Are Asian equities the way for investors to unlock diversification & growth?

Asia Pacific presents investors with a golden opportunity for growth and long-term returns, whilst helping to chart the course for sustainability on a continent where the impacts of climate change are seen and are being felt.

CAMRADATA’s latest whitepaper, ‘Asia Equity’ focuses on opportunities in Asia – particularly in China, which has successfully weathered Covid-19, and it considers the long-term investment horizon, including the role ESG must play.

The whitepaper includes insight from guests who attended a virtual roundtable hosted by CAMRADATA in May, from firms including Guinness Asset Management, Allfunds, Quilter Cheviot, UNA Seguros, Willis Towers Watson and Federated Hermes International.

With life and financial stability returning to normal in China, and its target of being net zero by 2060, the opportunity for investors to unlock returns in China’s A-Share market whilst driving the ESG story – where standards are low relative to the rest of the world – is now.

The report also discusses India and Japan, despite the macro picture differing vastly from China as they continue to battle rising Covid-19 rates, which is hitting both countries hard and impacting the financial markets.

Sean Thompson, Managing Director, CAMRADATA said, “With China well on the road to recovery, but Japan and India still struggling – we discussed the long-term picture for investors.

“India presents a key opportunity – it is one of the world’s oldest stock markets yet only 10% of listed companies have a market capitalisation of US$200 million or more in stark contrast to 80% of China’s.

“Our panel discussed investment trends in Asia, including the key ingredient of engagement.
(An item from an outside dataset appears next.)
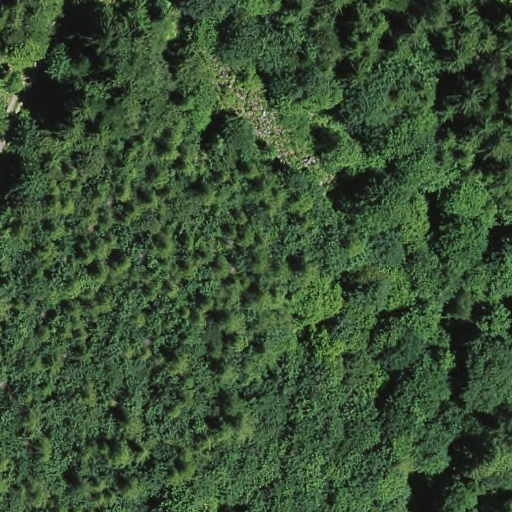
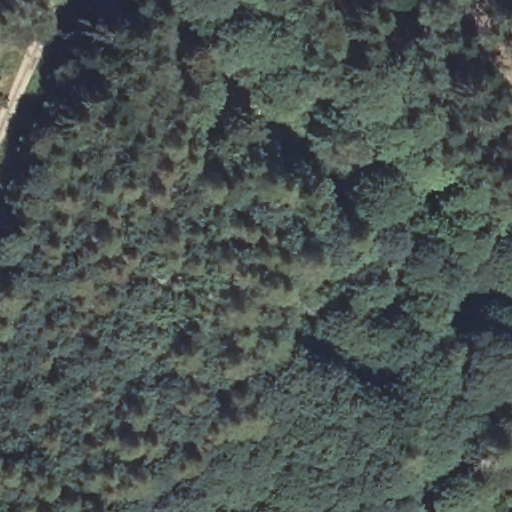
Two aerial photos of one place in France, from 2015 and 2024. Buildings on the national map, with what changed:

Whilst there is work to be done to improve standards, if engagement brings better ESG outcomes, then that is a vital additional source of alpha for active managers.”

The CAMRADATA roundtable on Asia asked buy-side representatives which types of products are proving most popular, with one fund manager noting two: funds across the whole region that integrate ESG, and Chinese equity.
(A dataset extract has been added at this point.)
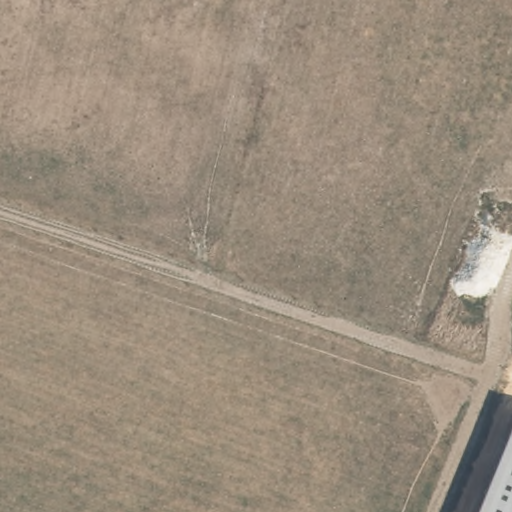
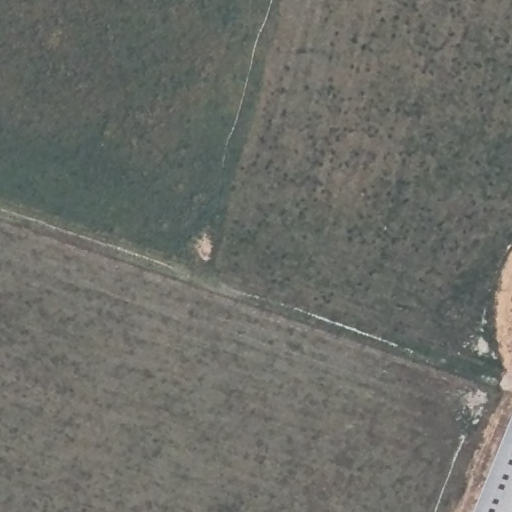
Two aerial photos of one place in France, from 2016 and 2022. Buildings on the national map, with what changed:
unchanged [(512,512),(478,512),(512,428),(512,512)]

They also discussed key trends in the region including what criteria successful Asian equity managers demonstrate. The discussion then focussed on China Mobile, an interesting story and journey, as for all telecom stocks around the world.

The panel also looked at ESG considerations and their views on index tracking Asian equities. The panel also talked about the performance and behaviour of their strategies during the ups and downs of 2020 and gave their views on the nascent return of Value.

Key takeaway points were:

  • On China, one panellist noted increased exposure to dedicated A-shares in China, measured top-down and by fund flows. This trend was also acknowledged by another panellist who said more and more managers are asking about China.
  • Another said many institutional investors have divided the world into Developed and Emerging Markets. Over the last three to four years, however, they have been trying to close the gap created by China’s growth.
  • On ESG, there was a perception that investors and companies in Asia lagged on implementing ESG policies but in fact they were catching up with other regions of the world fast.
  • Asian companies are not at the same standard as peers in Europe, but more and more asset managers are pushing invested businesses to improve and make changes to their corporate governance.
  • Growth has been dominant for most of the last decade. The challenge for manager selectors is that this cycle has lasted so long that there are not that many Value managers who have been in place for eight years or more.
  • One panellist said there were not many other stocks offering the 7% dividend yield that China Mobile could. But since the company has been added to a list of sanctioned Chinese businesses by the US government, however – with a deadline in November this year for US persons to cease investment in the company there is much uncertainty.
  • Looking at active vs passive investing, one panellist said that personally they believed passive was not the approach for Chinese markets because it is not a very rational market and is dominated by retail investors.
  • Another said the salient questions were how efficient you think the market is; and how representative the index is of the underlying market.
  • The roundtable concluded with one final remark regarding “boots on the ground.” One manager said many fund selectors want to know that asset managers have a physical presence in Asia. Asia is a big place. India is not China; Hong Kong is not the Philippines; you cannot be everywhere at once.
  • They noted that the CEOs of most Asian companies come to London regularly as part of their job and it is a good idea where possible to meet and interview them.
  • They added there might be value in visiting factories and talking to other financiers or suppliers or staff. But they doubted one would glean that many more insights by this method, especially for larger, established companies, concluding that the greater value is coming up with a plan that works and sticking to it.